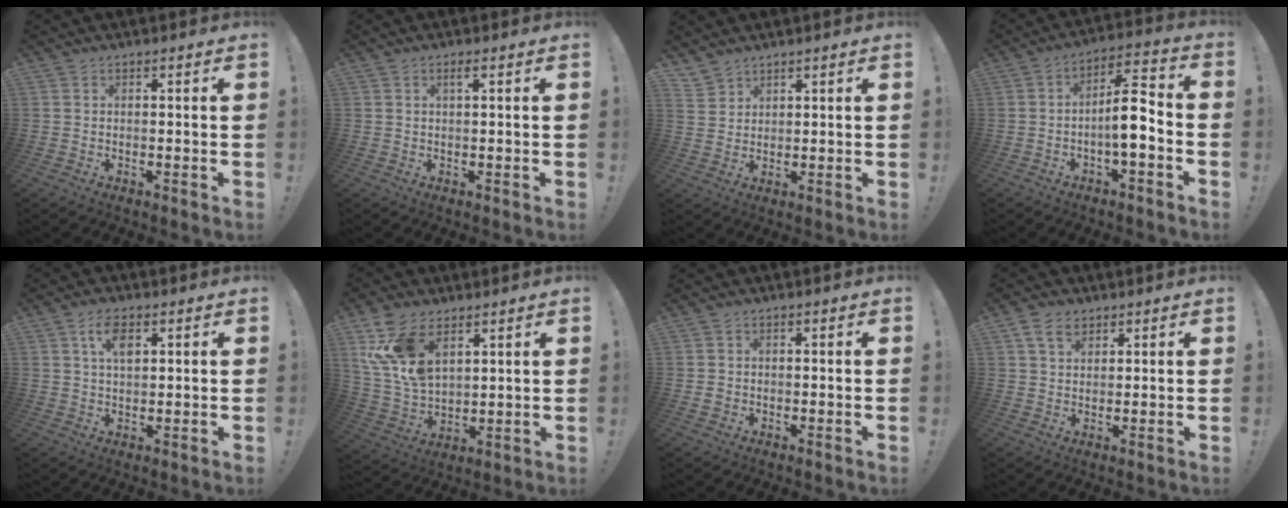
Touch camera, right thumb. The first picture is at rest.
{"total": 1.8, "force": [0.6, 0.1, 1.7], "torque": [-0.026, -0.001, 0.007]}
{"total": 3.8, "force": [3.4, 1.6, 0.5], "torque": [-0.005, -0.025, 0.064]}
{"total": 10.9, "force": [-2.7, 3.7, 9.9], "torque": [-0.169, 0.019, -0.048]}
{"total": 6.5, "force": [2.6, 3.4, 4.9], "torque": [-0.078, -0.002, 0.043]}
{"total": 15.0, "force": [7.5, 9.1, 9.3], "torque": [-0.190, -0.037, 0.146]}
{"total": 1.7, "force": [-0.1, 1.6, 0.6], "torque": [-0.001, 0.001, -0.002]}
{"total": 5.7, "force": [3.3, 3.7, 2.9], "torque": [-0.041, -0.008, 0.061]}

************

Every line in the data above that includes the word "total" should be copied.

{"total": 1.8, "force": [0.6, 0.1, 1.7], "torque": [-0.026, -0.001, 0.007]}
{"total": 3.8, "force": [3.4, 1.6, 0.5], "torque": [-0.005, -0.025, 0.064]}
{"total": 10.9, "force": [-2.7, 3.7, 9.9], "torque": [-0.169, 0.019, -0.048]}
{"total": 6.5, "force": [2.6, 3.4, 4.9], "torque": [-0.078, -0.002, 0.043]}
{"total": 15.0, "force": [7.5, 9.1, 9.3], "torque": [-0.190, -0.037, 0.146]}
{"total": 1.7, "force": [-0.1, 1.6, 0.6], "torque": [-0.001, 0.001, -0.002]}
{"total": 5.7, "force": [3.3, 3.7, 2.9], "torque": [-0.041, -0.008, 0.061]}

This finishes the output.